I think there is an epidemic of people adding wood chips to the soil as an amendment. Wood chips applied to the soil surface as a mulch is OK, but mixing these into the soil can lead to problems if you aren’t careful.

Part of this trend is fueled by social media like YouTube and internet discussion groups and experimentation by gardeners with concepts such as Hugelkulture. It works, but it must be done correctly.

Adding wood debris to the soil for its improvement requires a balance between the carbon load added to the soil in the form of wood chips, water and nitrogen added to the soil at the same time to help it rot. These sources of nitrogen help wood chips to decompose and rot without affecting other plants growing in the same area.

Without this additional nitrogen, plants growing in the area yellow and might die. Seeds planted in these types of amended soils fail to germinate.

Additional nitrogen can be added by chopping up kitchen scraps, green waste from the yard such as leaves and grass clippings and mixing in commercial fertilizers high in nitrogen such as 21-0-0. Rotting is sped up by turning it and keeping it moist.

Q: I planted two rows of corn, separated by some peas, but one row closest to the fence never came up.

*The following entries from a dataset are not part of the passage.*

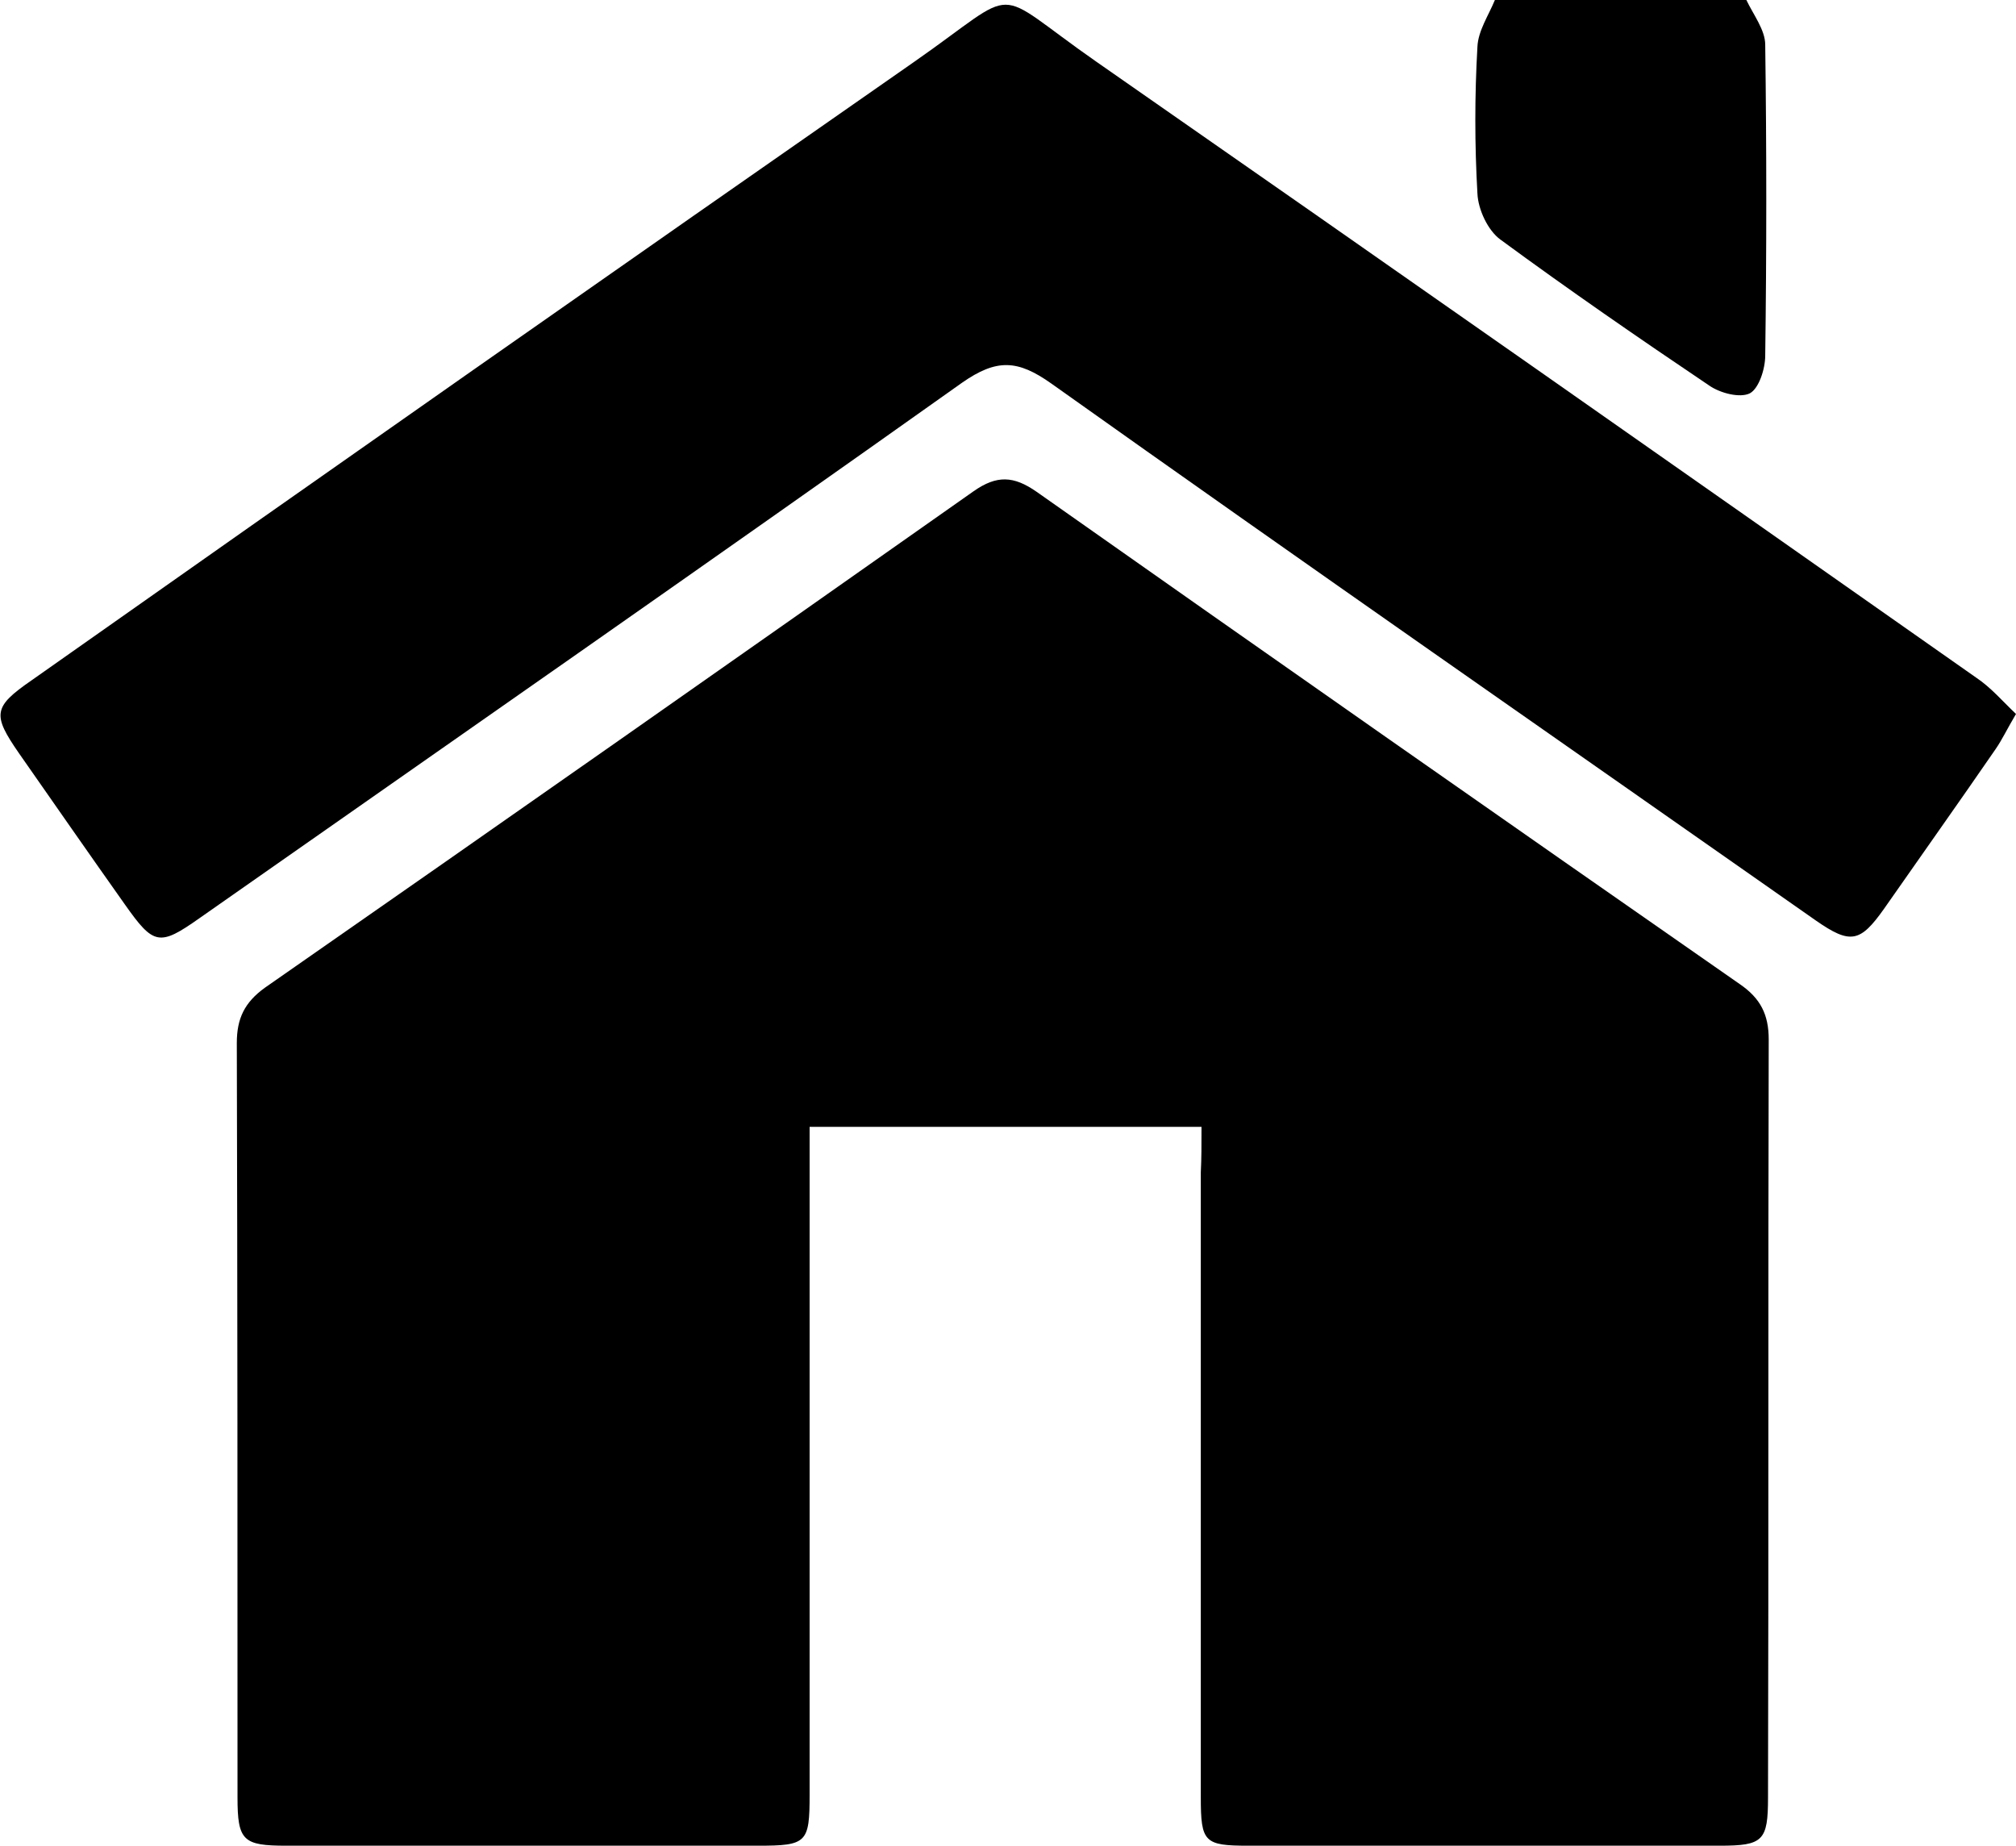 <!-- Generator: Adobe Illustrator 18.0.0, SVG Export Plug-In  -->
<svg version="1.1"
	 xmlns="http://www.w3.org/2000/svg" xmlns:xlink="http://www.w3.org/1999/xlink" xmlns:a="http://ns.adobe.com/AdobeSVGViewerExtensions/3.0/"
	 x="0px" y="0px" width="288.6px" height="264.2px" viewBox="0 0 288.6 264.2" enable-background="new 0 0 288.6 264.2"
	 xml:space="preserve">
<defs>
</defs>
<g id="KfY7EL.tif_1_">
	<g>
		<path d="M250,0c1,2.1,2.7,4.3,2.7,6.4c0.2,14.8,0.2,29.7,0,44.5c0,1.9-0.9,4.7-2.2,5.4c-1.4,0.7-4.2,0-5.8-1.1
			c-10.1-6.8-20.1-13.7-29.9-20.9c-1.8-1.3-3.2-4.3-3.3-6.6c-0.4-7-0.4-14,0-21c0.1-2.3,1.6-4.5,2.5-6.7C226,0,238,0,250,0z"/>
		<path d="M172,161.3c-19,0-37.2,0-56.1,0c0,2.3,0,4.2,0,6.1c0,29.8,0,59.6,0,89.5c0,6.9-0.4,7.3-7.4,7.3c-22.5,0-45,0-67.5,0
			c-6.2,0-7-0.7-7-6.9c0-36,0-72-0.1-108c0-3.5,1.1-5.8,4-7.9c33.9-23.6,67.7-47.3,101.5-71.1c3.3-2.3,5.7-2.2,9,0.1
			c33.5,23.6,67.1,47.1,100.7,70.5c2.9,2,4.1,4.3,4.1,7.9c-0.1,36.2,0,72.3-0.1,108.5c0,6.2-0.7,6.9-6.9,6.9c-22.5,0-45,0-67.5,0
			c-6.3,0-6.8-0.5-6.8-6.9c0-29.8,0-59.6,0-89.5C172,165.9,172,163.9,172,161.3z"/>
		<path d="M288.6,102.2c-1.3,2.2-2,3.7-2.9,5c-5.3,7.7-10.7,15.3-16,22.9c-3.4,4.8-4.8,5.1-9.7,1.7c-36.5-25.6-73.2-51.1-109.5-76.9
			c-4.8-3.4-7.8-3.6-12.8-0.1c-36.2,25.7-72.7,51.1-109.1,76.6c-5.8,4.1-6.6,3.9-10.7-1.9c-5.1-7.2-10.1-14.4-15.2-21.7
			c-3.8-5.5-3.7-6.6,1.8-10.4C46.5,67.8,88.6,38.3,130.8,8.9c15.8-11,10.6-10.9,26.1-0.1c42.1,29.3,84,58.7,126,88.2
			C285,98.4,286.6,100.3,288.6,102.2z"/>
	</g>
</g>
</svg>

I replanted that row, and now one row of corn is really struggling while the other, closest to the peas, is doing well.

A: Amend the garden soil with compost to improve drainage. Poor drainage can cause a lack of germination.

Lightly dust the seed with Captan fungicide to improve seed germination when planted in cold or wet soils. Tear a corner of the seed packet and place a small amount of fungicide inside and shake it. Always wear gloves when planting seed treated with a fungicide.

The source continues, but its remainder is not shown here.